Welcome back to the Lovecraft reread, in which two modern Mythos writers get girl cooties all over old Howard’s sandbox, from those who inspired him to those who were inspired in turn.

Today we’re looking at Brian Hodge’s “The Same Deep Waters As You,” first published in 2013 in Stephen Jones’s Weirder Shadows Over Innsmouth anthology. Spoilers ahead.

“At first it was soothing, a muted drone both airy and deep, a lonely noise that some movie’s sound designer might have used to suggest the desolation of outer space. But no, this wasn’t about space. It had to be the sea, this all led back to the sea. It was the sound of deep waters, the black depths where sunlight never reached.”

Summary

Kerry Larimer talks to animals. She finds the ability as natural as her other five senses. To others, it’s amazing enough to have landed her a show on the Discovery Channel: The Animal Whisperer. On the down side, her talent alienated her ex-husband, who even used it as evidence she’s too unstable to have custody of their daughter Tabitha. Kerry won that fight, but now Homeland Security’s “asking” her to consult on a project the agents can’t describe. It’s not until she’s on a helicopter, speeding toward an island prison off the coast of Washington State, that she learns what kind of “animal” the government wants her to “translate.” Colonel Daniel Escovedo tells her about a 1928 raid on Innsmouth, Massachusetts. The cover story was that the Feds were rounding up bootleggers.
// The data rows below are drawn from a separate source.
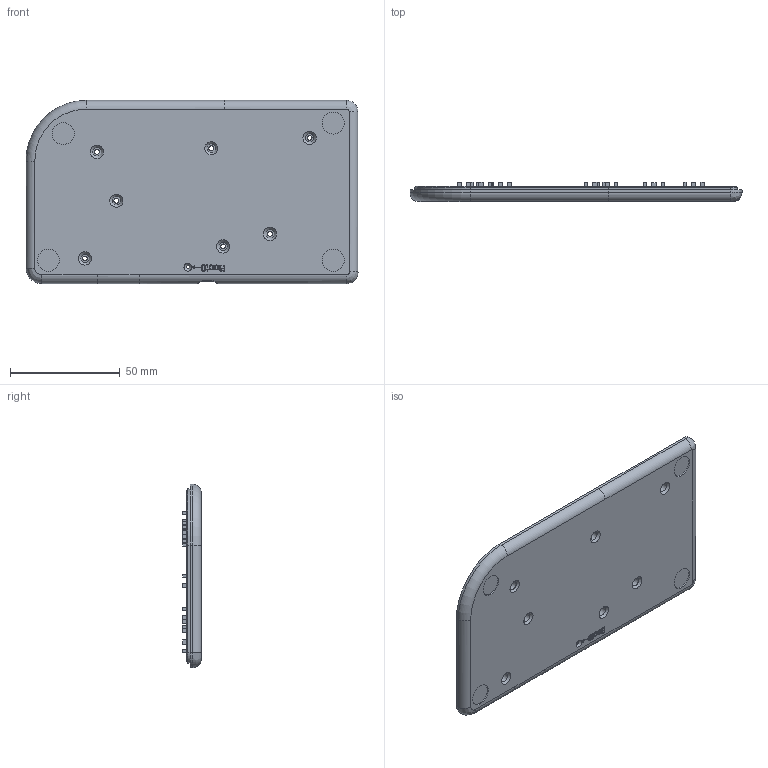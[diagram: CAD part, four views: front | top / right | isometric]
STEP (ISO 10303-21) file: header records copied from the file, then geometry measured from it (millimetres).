
FILE_DESCRIPTION(/* description */ (''),/* implementation_level */ '2;1');
FILE_NAME(/* name */ 'Pocket organ V20 v1 bottom.step',/* time_stamp */ '2021-11-01T21:40:56+08:00',/* author */ (''),/* organization */ (''),/* preprocessor_version */ 'ST-DEVELOPER v18.1',/* originating_system */ 'Autodesk Translation Framework v10.10.0.1391',/* authorisation */ '');
FILE_SCHEMA (('AUTOMOTIVE_DESIGN { 1 0 10303 214 3 1 1 }'));
Length unit declared in the file: millimetre
Products named in the file (1): Pocket organ V20
Bounding box: 151.06 x 8.6 x 83.37 mm (x, y, z)
Volume: 30098.2 mm3; surface area: 30637.8 mm2
Topology: 1 solids, 1 shells, 428 faces, 1102 edges, 704 vertices
Faces by surface type: plane 217, bspline 102, cylinder 96, cone 12, torus 1
Full cylindrical faces by diameter (mm): 1.5 x1, 2.2 x7, 3.5 x1, 4 x7, 10 x4
Entity records: 13475 total; most frequent: CARTESIAN_POINT 3560, ORIENTED_EDGE 2200, DIRECTION 1751, EDGE_CURVE 1100, VERTEX_POINT 704, LINE 693, VECTOR 693, AXIS2_PLACEMENT_3D 529
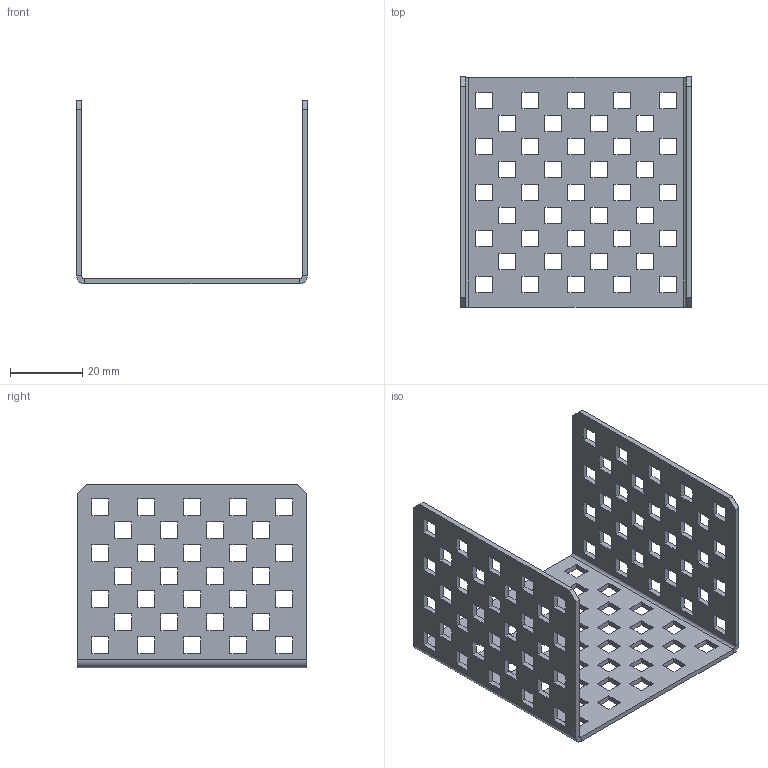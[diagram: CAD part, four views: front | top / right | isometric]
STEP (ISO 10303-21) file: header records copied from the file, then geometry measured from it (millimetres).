
FILE_DESCRIPTION(/* description */ (''),/* implementation_level */ '2;1');
FILE_NAME(/* name */ 'Winch Bracket.ipt.step',/* time_stamp */ '2020-04-16T23:04:17-04:00',/* author */ ('Jordan'),/* organization */ (''),/* preprocessor_version */ 'ST-DEVELOPER v17',/* originating_system */ 'Autodesk Inventor 2019',/* authorisation */ '');
FILE_SCHEMA (('AUTOMOTIVE_DESIGN { 1 0 10303 214 3 1 1 }'));
Length unit declared in the file: inch
Products named in the file (1): Winch Bracket
Bounding box: 63.75 x 63.5 x 50.8 mm (x, y, z)
Volume: 11350 mm3; surface area: 19351.4 mm2
Topology: 1 solids, 1 shells, 446 faces, 1869 edges, 1873 vertices
Faces by surface type: plane 442, cylinder 4
Entity records: 17337 total; most frequent: CARTESIAN_POINT 3636, ORIENTED_EDGE 2632, DIRECTION 2428, EDGE_CURVE 1316, LINE 1308, VECTOR 1308, VERTEX_POINT 872, EDGE_LOOP 656
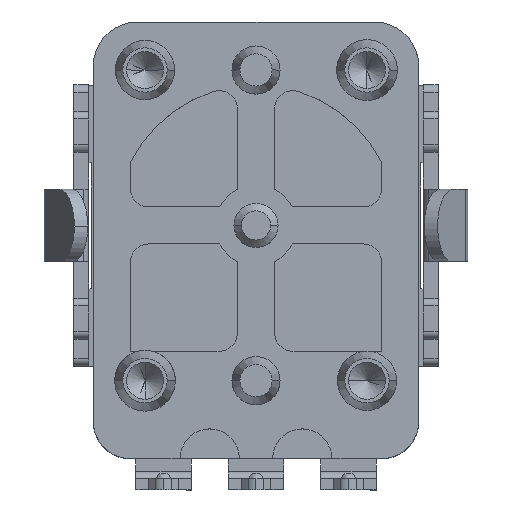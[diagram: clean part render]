
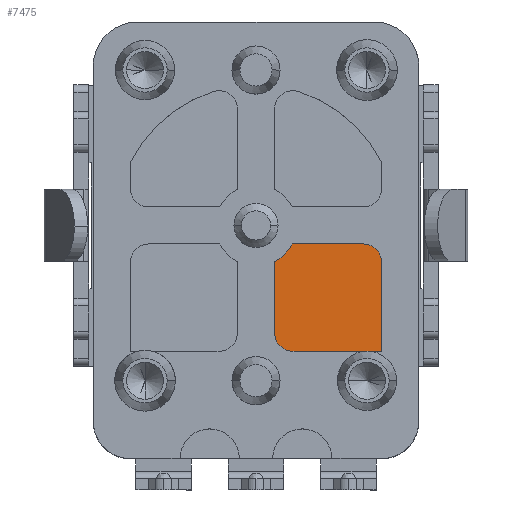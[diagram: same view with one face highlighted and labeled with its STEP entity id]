
A CAD part, top view. The second image highlights one B-rep face of the part: STEP entity #7475.
In plain terms, the highlighted planar face has unit normal (0, 0, 1).
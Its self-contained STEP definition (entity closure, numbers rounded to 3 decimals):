
#15 = EDGE_CURVE ( 'NONE', #11740, #7720, #5721, .T. ) ;
#60 = CARTESIAN_POINT ( 'NONE',  ( -2.751, 2.951, 4.05 ) ) ;
#772 = DIRECTION ( 'NONE',  ( 1., 0., 0. ) ) ;
#1856 = LINE ( 'NONE', #5942, #3160 ) ;
#1943 = EDGE_CURVE ( 'NONE', #6509, #9229, #8478, .T. ) ;
#2197 = CARTESIAN_POINT ( 'NONE',  ( 1., -2.9, 4.05 ) ) ;
#3094 = EDGE_CURVE ( 'NONE', #5694, #6509, #9931, .T. ) ;
#3141 = DIRECTION ( 'NONE',  ( 1., 0., 0. ) ) ;
#3160 = VECTOR ( 'NONE', #10052, 1000. ) ;
#3234 = VERTEX_POINT ( 'NONE', #8864 ) ;
#3424 = EDGE_CURVE ( 'NONE', #3234, #5694, #6815, .T. ) ;
#3544 = AXIS2_PLACEMENT_3D ( 'NONE', #60, #7382, #4165 ) ;
#4165 = DIRECTION ( 'NONE',  ( 1., 0., 0. ) ) ;
#4204 = CIRCLE ( 'NONE', #6352, 0.5 ) ;
#4225 = VECTOR ( 'NONE', #5209, 1000. ) ;
#4950 = CARTESIAN_POINT ( 'NONE',  ( 2.9, -1., 4.05 ) ) ;
#5038 = ORIENTED_EDGE ( 'NONE', *, *, #15, .F. ) ;
#5209 = DIRECTION ( 'NONE',  ( 0., -1., 0. ) ) ;
#5277 = ORIENTED_EDGE ( 'NONE', *, *, #8003, .T. ) ;
#5694 = VERTEX_POINT ( 'NONE', #6458 ) ;
#5721 = CIRCLE ( 'NONE', #9578, 1.1 ) ;
#5942 = CARTESIAN_POINT ( 'NONE',  ( 0.98, -0.5, 4.05 ) ) ;
#6171 = CARTESIAN_POINT ( 'NONE',  ( 0.98, -0.5, 4.05 ) ) ;
#6352 = AXIS2_PLACEMENT_3D ( 'NONE', #2197, #7102, #3141 ) ;
#6458 = CARTESIAN_POINT ( 'NONE',  ( 3.4, -3.4, 4.05 ) ) ;
#6509 = VERTEX_POINT ( 'NONE', #13318 ) ;
#6531 = CARTESIAN_POINT ( 'NONE',  ( 0.5, -2.9, 4.05 ) ) ;
#6815 = LINE ( 'NONE', #9635, #11307 ) ;
#6884 = CARTESIAN_POINT ( 'NONE',  ( 0., 0., 4.05 ) ) ;
#7031 = DIRECTION ( 'NONE',  ( 0., 0., 1. ) ) ;
#7102 = DIRECTION ( 'NONE',  ( 0., 0., 1. ) ) ;
#7154 = EDGE_LOOP ( 'NONE', ( #5038, #8474, #5277, #9458, #8616, #10657, #12732 ) ) ;
#7223 = CARTESIAN_POINT ( 'NONE',  ( 0.5, -0.98, 4.05 ) ) ;
#7382 = DIRECTION ( 'NONE',  ( 0., 0., 1. ) ) ;
#7451 = PLANE ( 'NONE',  #3544 ) ;
#7475 = ADVANCED_FACE ( 'NONE', ( #11391 ), #7451, .T. ) ;
#7720 = VERTEX_POINT ( 'NONE', #6171 ) ;
#8003 = EDGE_CURVE ( 'NONE', #9498, #3234, #4204, .T. ) ;
#8242 = EDGE_CURVE ( 'NONE', #9229, #7720, #1856, .T. ) ;
#8360 = LINE ( 'NONE', #12529, #4225 ) ;
#8474 = ORIENTED_EDGE ( 'NONE', *, *, #11792, .T. ) ;
#8478 = CIRCLE ( 'NONE', #12391, 0.5 ) ;
#8616 = ORIENTED_EDGE ( 'NONE', *, *, #3094, .T. ) ;
#8864 = CARTESIAN_POINT ( 'NONE',  ( 1., -3.4, 4.05 ) ) ;
#9060 = DIRECTION ( 'NONE',  ( 0., 1., 0. ) ) ;
#9229 = VERTEX_POINT ( 'NONE', #9630 ) ;
#9458 = ORIENTED_EDGE ( 'NONE', *, *, #3424, .T. ) ;
#9498 = VERTEX_POINT ( 'NONE', #6531 ) ;
#9578 = AXIS2_PLACEMENT_3D ( 'NONE', #6884, #9900, #13053 ) ;
#9630 = CARTESIAN_POINT ( 'NONE',  ( 2.9, -0.5, 4.05 ) ) ;
#9635 = CARTESIAN_POINT ( 'NONE',  ( 1., -3.4, 4.05 ) ) ;
#9900 = DIRECTION ( 'NONE',  ( 0., 0., 1. ) ) ;
#9931 = LINE ( 'NONE', #10890, #10366 ) ;
#10052 = DIRECTION ( 'NONE',  ( -1., 0., 0. ) ) ;
#10366 = VECTOR ( 'NONE', #9060, 1000. ) ;
#10657 = ORIENTED_EDGE ( 'NONE', *, *, #1943, .T. ) ;
#10890 = CARTESIAN_POINT ( 'NONE',  ( 3.4, -3.4, 4.05 ) ) ;
#11307 = VECTOR ( 'NONE', #11735, 1000. ) ;
#11391 = FACE_OUTER_BOUND ( 'NONE', #7154, .T. ) ;
#11735 = DIRECTION ( 'NONE',  ( 1., 0., 0. ) ) ;
#11740 = VERTEX_POINT ( 'NONE', #7223 ) ;
#11792 = EDGE_CURVE ( 'NONE', #11740, #9498, #8360, .T. ) ;
#12391 = AXIS2_PLACEMENT_3D ( 'NONE', #4950, #7031, #772 ) ;
#12529 = CARTESIAN_POINT ( 'NONE',  ( 0.5, -0.98, 4.05 ) ) ;
#12732 = ORIENTED_EDGE ( 'NONE', *, *, #8242, .T. ) ;
#13053 = DIRECTION ( 'NONE',  ( 1., 0., 0. ) ) ;
#13318 = CARTESIAN_POINT ( 'NONE',  ( 3.4, -1., 4.05 ) ) ;
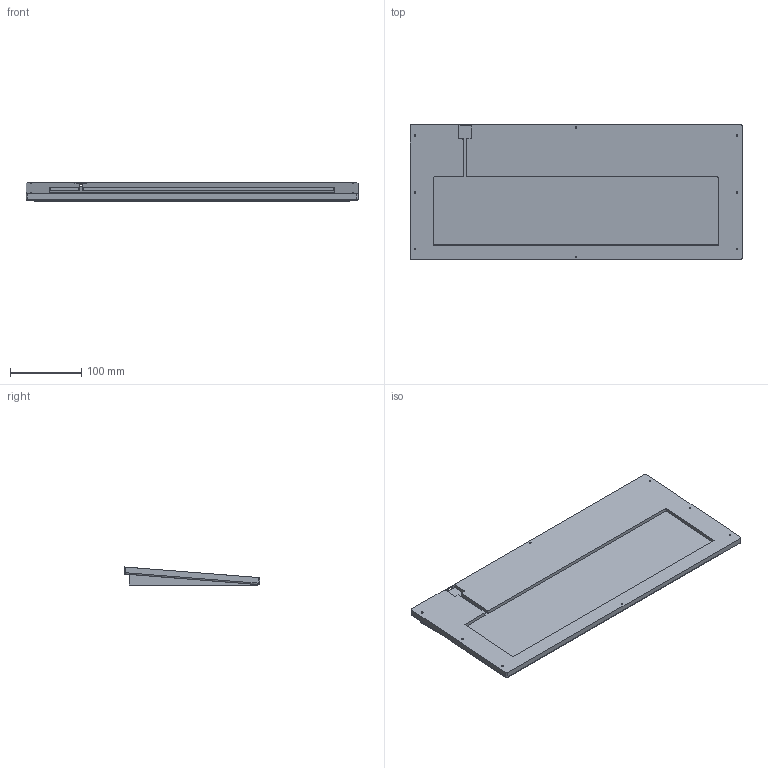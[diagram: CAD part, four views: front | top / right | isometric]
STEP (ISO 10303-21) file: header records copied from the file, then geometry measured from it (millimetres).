
FILE_DESCRIPTION(/* description */ (''),/* implementation_level */ '2;1');
FILE_NAME(/* name */ 'bottom_case.step',/* time_stamp */ '2025-04-25T00:39:46+02:00',/* author */ (''),/* organization */ (''),/* preprocessor_version */ 'ST-DEVELOPER v20.1',/* originating_system */ 'Autodesk Translation Framework v14.4.0.0',/* authorisation */ '');
FILE_SCHEMA (('AUTOMOTIVE_DESIGN { 1 0 10303 214 3 1 1 }'));
Length unit declared in the file: millimetre
Products named in the file (1): Keyboard case
Bounding box: 467.05 x 190.99 x 25.32 mm (x, y, z)
Volume: 1305670.2 mm3; surface area: 206281 mm2
Topology: 1 solids, 1 shells, 81 faces, 204 edges, 132 vertices
Faces by surface type: cylinder 40, plane 37, sphere 4
Full cylindrical faces by diameter (mm): 2.5 x8, 5.4 x8
Entity records: 2545 total; most frequent: DIRECTION 452, CARTESIAN_POINT 440, ORIENTED_EDGE 408, EDGE_CURVE 204, AXIS2_PLACEMENT_3D 168, VERTEX_POINT 132, LINE 116, VECTOR 116
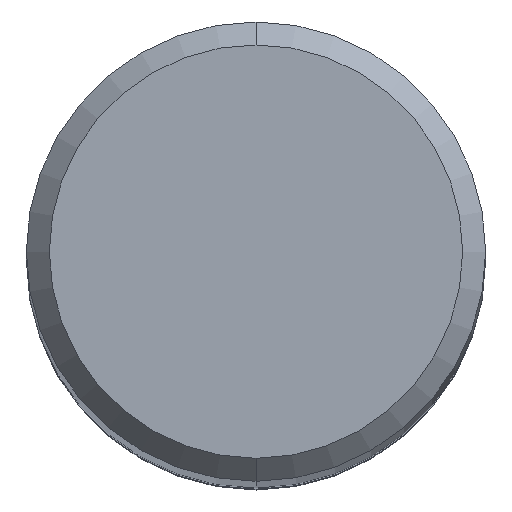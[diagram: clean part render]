
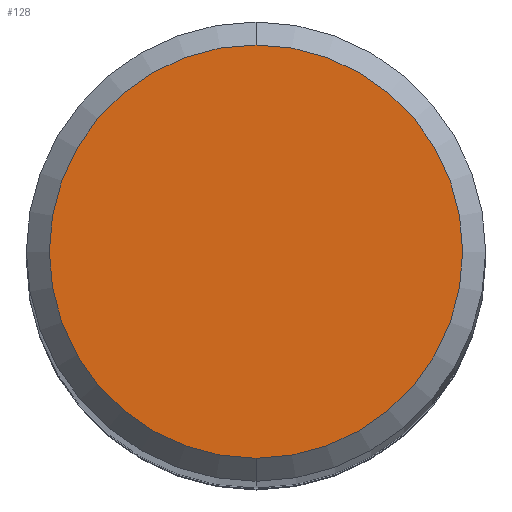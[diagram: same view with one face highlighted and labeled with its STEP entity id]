
A CAD part, top view. The second image highlights one B-rep face of the part: STEP entity #128.
In plain terms, the highlighted planar face has unit normal (0, 0, 1).
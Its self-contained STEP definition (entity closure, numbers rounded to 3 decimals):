
#100=EDGE_CURVE('',#160,#114,#238,.T.);
#114=VERTEX_POINT('',#253);
#128=ADVANCED_FACE('',(#269),#270,.T.);
#130=EDGE_CURVE('',#114,#160,#272,.T.);
#160=VERTEX_POINT('',#307);
#238=CIRCLE('',#386,4.5);
#253=CARTESIAN_POINT('',(0.0,4.5,0.0));
#269=FACE_OUTER_BOUND('',#423,.T.);
#270=PLANE('',#424);
#272=CIRCLE('',#427,4.5);
#307=CARTESIAN_POINT('',(0.,-4.5,0.0));
#386=AXIS2_PLACEMENT_3D('',#549,#550,#551);
#423=EDGE_LOOP('',(#584,#585));
#424=AXIS2_PLACEMENT_3D('',#586,#587,#588);
#427=AXIS2_PLACEMENT_3D('',#589,#590,#591);
#549=CARTESIAN_POINT('',(0.0,0.0,0.0));
#550=DIRECTION('',(0.0,0.0,-1.0));
#551=DIRECTION('',(0.0,1.0,0.0));
#584=ORIENTED_EDGE('',*,*,#130,.F.);
#585=ORIENTED_EDGE('',*,*,#100,.F.);
#586=CARTESIAN_POINT('',(0.0,2.25,0.0));
#587=DIRECTION('',(-0.0,0.0,1.0));
#588=DIRECTION('',(0.0,-1.0,0.0));
#589=CARTESIAN_POINT('',(0.0,0.0,0.0));
#590=DIRECTION('',(0.0,0.0,-1.0));
#591=DIRECTION('',(0.0,1.0,0.0));
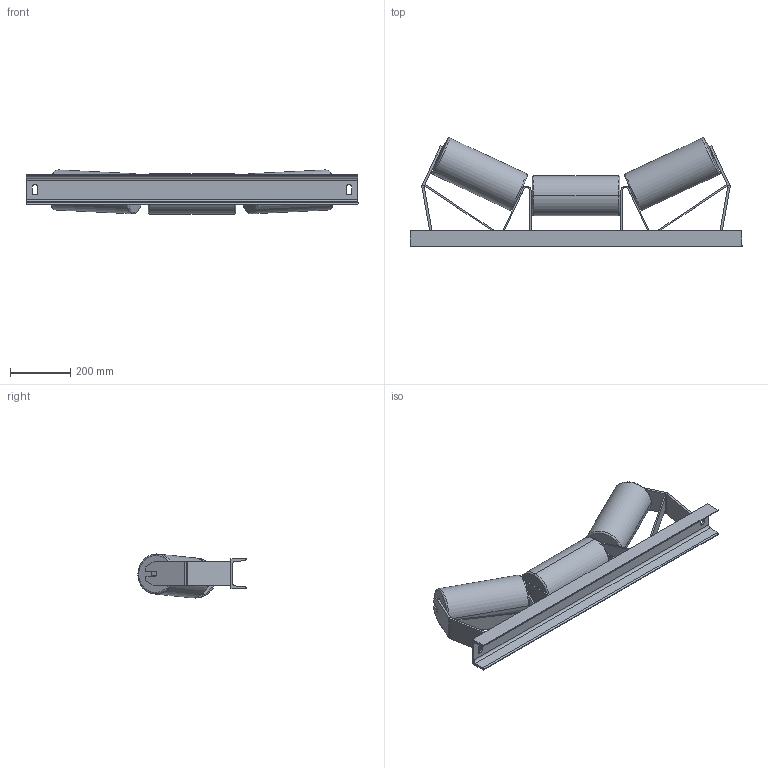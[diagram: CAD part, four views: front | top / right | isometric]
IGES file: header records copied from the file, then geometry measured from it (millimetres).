
Start section: SolidWorks IGES file using analytic representation for surfaces
Global section: file name: Support SRLM 53300 E167 UPN100 B800 25° axe Ø20 Rouleau Ø133 avec pincement.igs; native system: SolidWorks 2019; preprocessor: SolidWorks 2019; author: guillaume; date: 211021.143652; units: millimetre
Bounding box: 1100 x 358.4 x 146.15 mm (x, y, z)
Volume: 2103990 mm3; surface area: 1548158.6 mm2
Topology: 7 solids, 13 shells, 302 faces, 745 edges, 482 vertices
Faces by surface type: plane 205, revolution 80, bspline 17

Actually, they were rounding up two hundred of these.

The photos show not people, but some travesty of mankind blended with the ichthyoid and amphibian. Once they were human in appearance, Escovedo explains. But either through a disease process or genetic abnormality, they changed, losing the ability to speak. Could be they be a hive-mind? At times they act like a single organism, aligning themselves toward the Polynesia from which Obed Marsh imported biological doom to Innsmouth. From that same area, underwater probes once picked up an anomalous roar, loud as an asteroid strike. And yet experts say the sound matches the profile of something – alive.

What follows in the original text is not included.